Michael Hudson
Michael is a fish biologist on the Native Trout Program under the Conservation, Population and
Habitat Assessment Team at the Columbia River Fisheries Program Office. He has worked in this
position at CRFPO since summer 2004.
Michael completed his M.S. in 1997 with a thesis describing the population genetic
structuring of walleye in Minnesota and Wisconsin. He then worked as a laboratory
manager/research assistant for a conservation genetics laboratory at Utah State University
conducting research to benefit cutthroat trout and other sensitive aquatic species in Utah.
Michael came to the Columbia River Fisheries Program Office from the Utah Division of
Wildlife Resources where he worked from 1998-2004. He began his work with that agency
as a native aquatic species biologist in Salt Lake City from 1998-2000, assisting in
statewide recovery activities toward sensitive and endangered aquatic species such as
Bonneville cutthroat trout, Colorado River cutthroat trout, and June sucker. From 2000-2004,
he served as the project leader for the Moab Field Station conducting research and monitoring
to benefit recovery of the endangered razorback sucker, Colorado pikeminnow, humpback chub and
bonytail in the upper Colorado River basin.

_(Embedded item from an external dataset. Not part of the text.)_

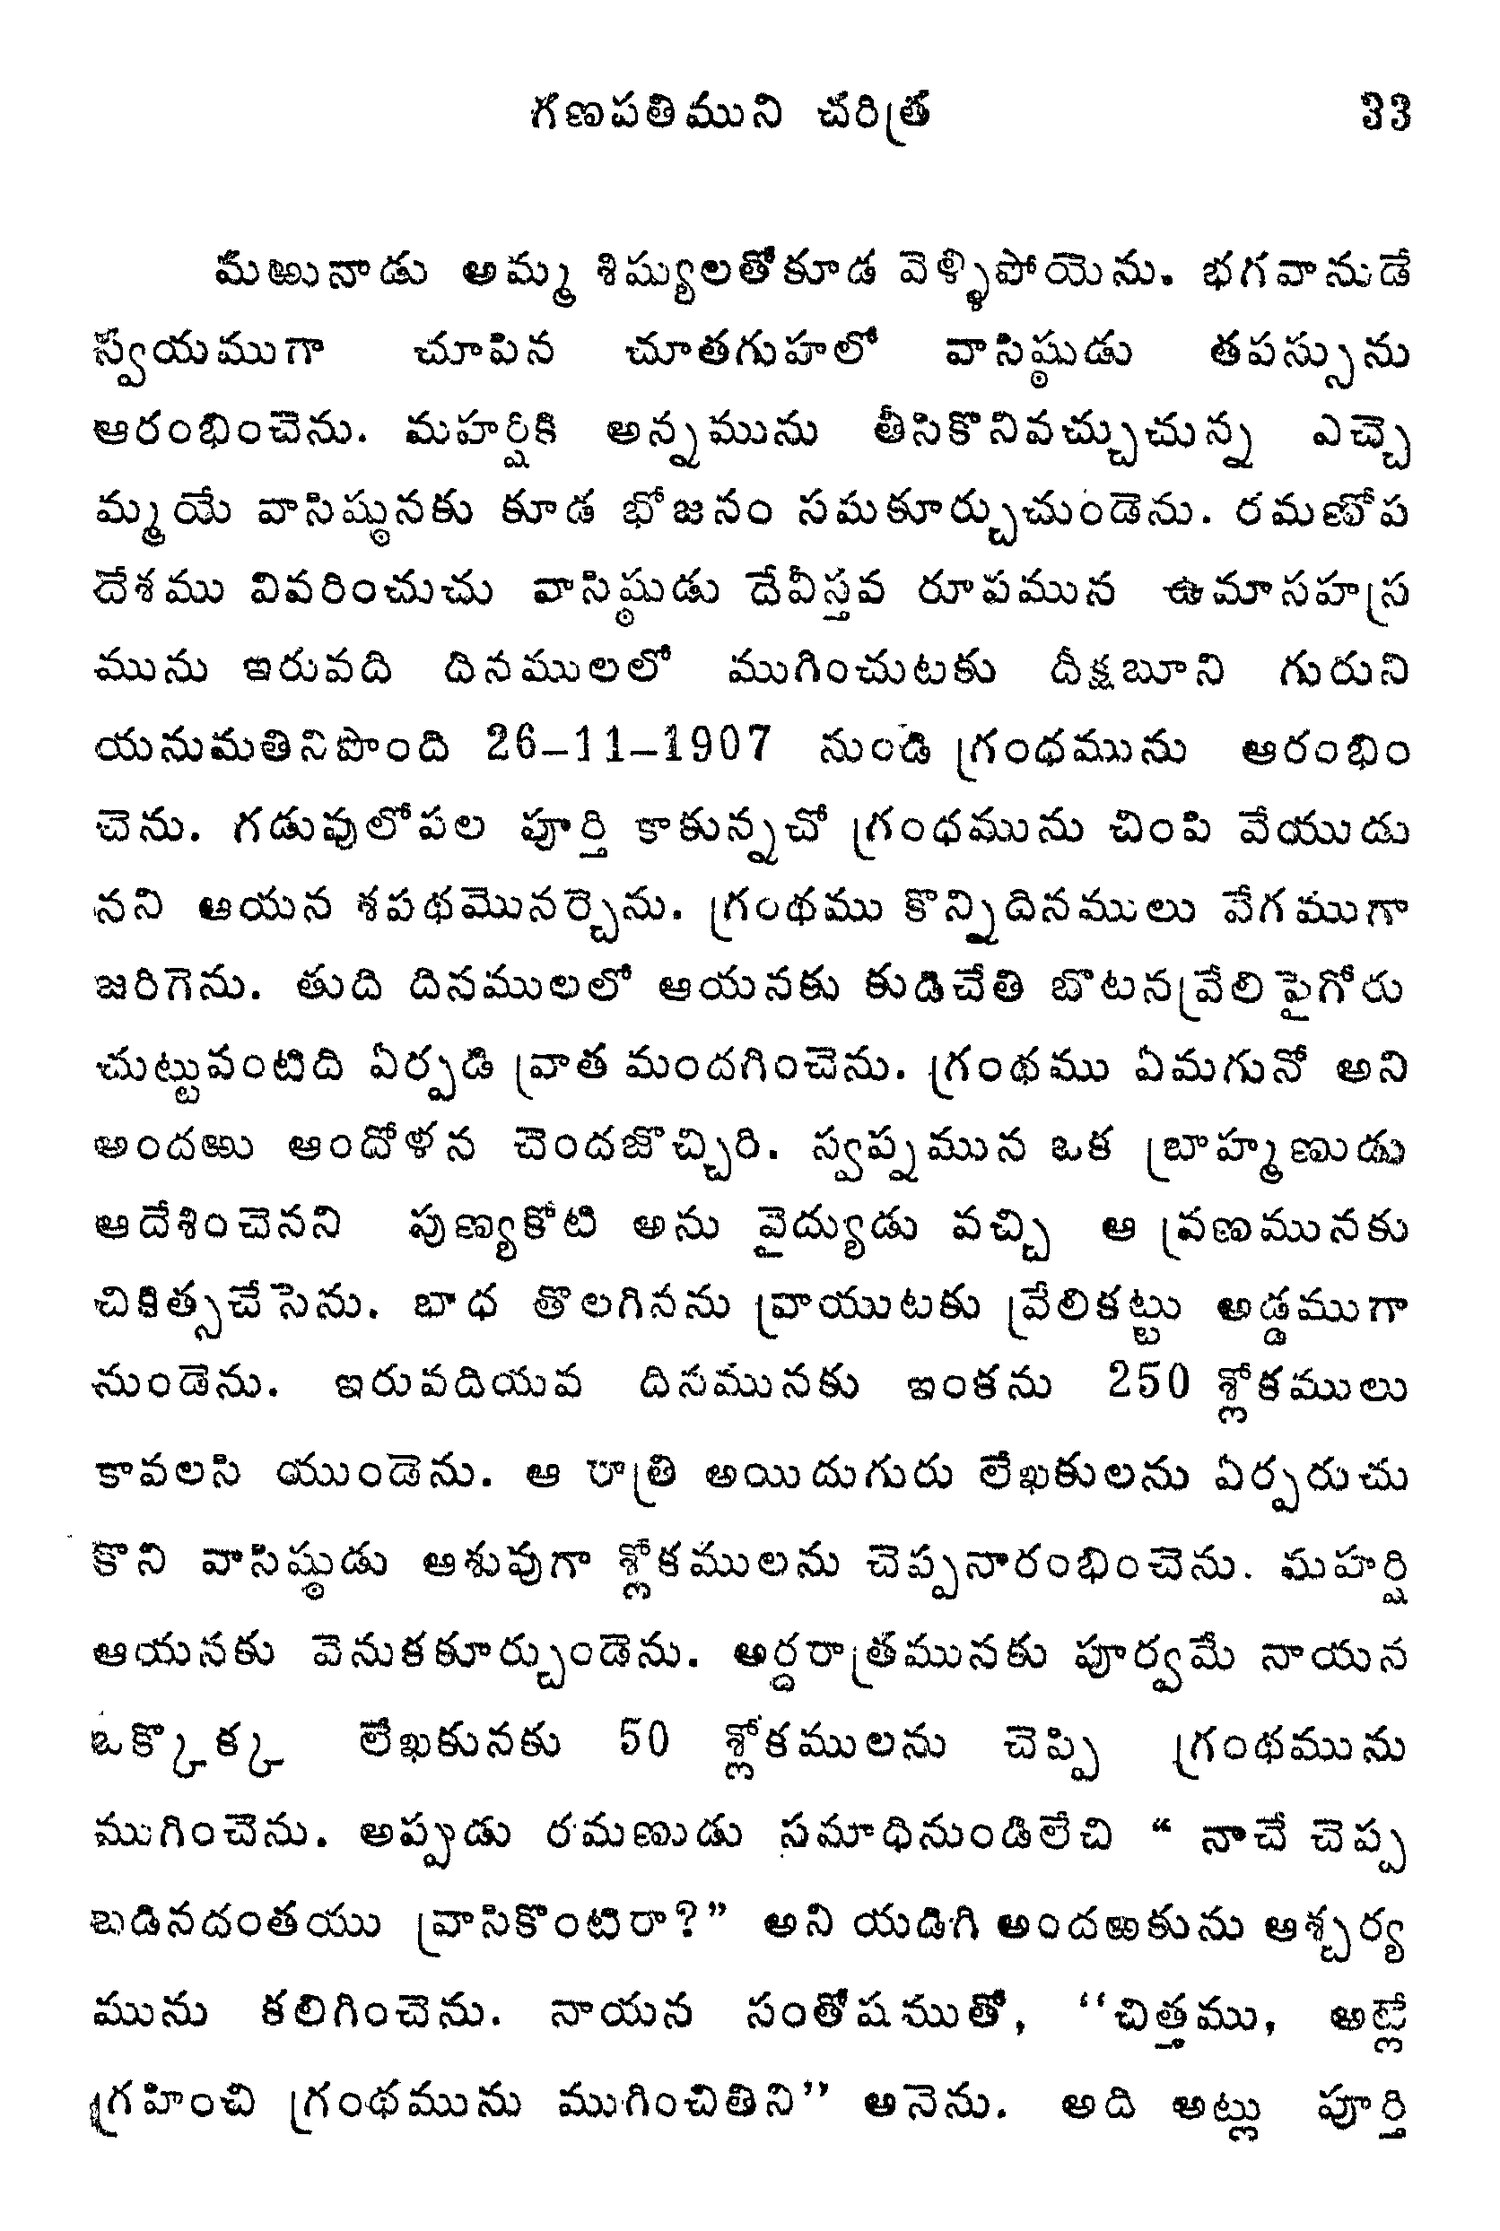మఱునాడు అమ్మ శిష్యులతోకూడ వెళ్ళిపోయెను. భగవానుడే స్వయముగా చూపిన చూతగుహలో వాసిష్ఠుడు తపస్సును ఆరంభించెను. మహర్షికి అన్నమును తీసికొనివచ్చుచున్న ఎచ్చెమ్మయే వాసిష్ఠునకు కూడ భోజనం సమకూర్చుచుండెను. రమణోపదేశము వివరించుచు వాసిష్ఠుడు దేవీస్తవ రూపమున ఉమాసహస్రమును ఇరువది దినములలో ముగించుటకు దీక్షబూని గురుని యనుమతినిపొంది 26-11-1907 నుండి గ్రంథమును ఆరంభించెను. గడువులోపల పూర్తి కాకున్నచో గ్రంథమును చింపి వేయుదునని ఆయన శపథమొనర్చెను. గ్రంథము కొన్ని దినములు వేగముగా జరిగెను. తుది దినములలో ఆయనకు కుడిచేతి బొటనవ్రేలిపై గోరుచుట్టువంటిది ఏర్పడి వ్రాత మందగించెను. గ్రంథము ఏమగునో అని అందఱు ఆందోళన చెందజొచ్చిరి. స్వప్నమున ఒక బ్రాహ్మణుడు ఆదేశించెనని పుణ్యకోటి అను వైద్యుడు వచ్చి ఆ వ్రణమునకు చికిత్సచేసెను. బాధ తొలగినను వ్రాయుటకు వ్రేలికట్టు అడ్డముగా నుండెను. ఇరువదియవ దినమునకు ఇంకను 250 శ్లోకములు కావలసి యుండెను. ఆ రాత్రి అయిదుగురు లేఖకులను ఏర్పరచుకొని వాసిష్ఠుడు ఆశువుగా శ్లోకములను చెప్పనారంభించెను. మహర్షి ఆయనకు వెనుకకూర్చుండెను. అర్థరాత్రమునకు పూర్వమే నాయన ఒక్కొక్క లేఖకునకు 50 శ్లోకములను చెప్పి గ్రంథమును ముగించెను. అప్పుడు రమణుడు సమాధినుండిలేచి "నాచే చెప్పబడినదంతయు వ్రాసికొంటిరా?" అని యడిగి అందఱకును ఆశ్చర్యమును కలిగించెను. నాయన సంతోషముతో, "చిత్తము, అట్లే గ్రహించి గ్రంథమును ముగించితిని" అనెను. అది అట్లు పూర్తి

Michael, his wife, Bernadette, and their daughter, Clara, live in Portland with their dog,
Fergus, and three cats, Chili, Tumbleweed, and Chaco.
Educational Background: M.S., Natural Resources Ecology and Conservation Biology,
1997, University of Illinois Urbana-Champaign; B.S., Biology, 1994, University of Illinois
Urbana-Champaign.
To contact Michael,
please call 360.604.2500 or email michael_hudson@fws.gov.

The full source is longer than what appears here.